We’re setting the style of the border based on the image’s state - either black, or blue if selected, or (if we’ve submitted our guess) purple or red. Clicking on an image will toggle whether it’s selected based on some basic validation (can only have two guesses).

private void ToggleSelected(GeneratedImage image)
{
    if(!string.IsNullOrEmpty(success))
    {
        return;
    }
    if(image.Selected)
    {
        image.Selected = false;
        return;
    }
    if(images.Count(i => i.Selected) >= 2)
    {
        return;
    }
    image.Selected = true;
}

private string SelectedStyle(GeneratedImage image)
{
    if(!string.IsNullOrEmpty(success) && image.RightAnswer)
    {
        if (!image.Selected)
        {
            return "border: solid 4px red;";
        }
        else 
        {
            return "border: solid 4px purple;";
        }
    }
    if(image.Selected)
    {
        return "border: solid 4px blue;";
    }
    return "border: solid 4px black;";
}

Yes, I likely should have removed the border style and width from the method and only set the color dynamically, I just got lazy :)
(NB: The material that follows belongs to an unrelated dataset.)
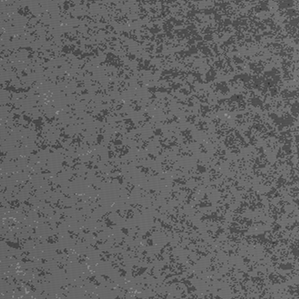
Label: frost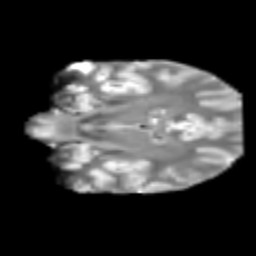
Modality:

Finally a check answers button, to see if we won! You can only click it if you’ve guessed two images (as verified by ShowGuess)
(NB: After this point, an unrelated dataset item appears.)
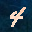
Label: 4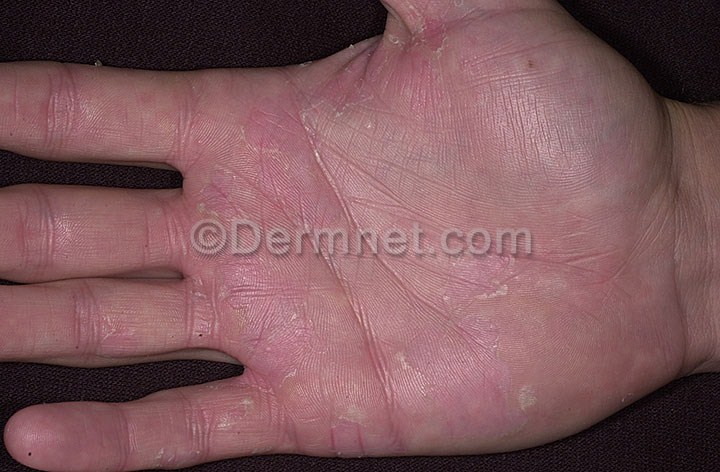
Disease: Eczema Photos

<button class="btn btn-primary" disabled="@ShowGuess" @onclick="CheckAnswers">Guess</button>

private void CheckAnswers()
{
    var picked = images.Where(i => i.Selected);
    if(picked.All(p => p.RightAnswer))
    {
        success = "You win!";
    }
    else
    {
        success = "You lose :(";
    }
}

Here’s what the finished product looks like:

finished game

Overall this was a fun little project and showed how easy it was to include images in multi-modal conversations using Semantic Kernel!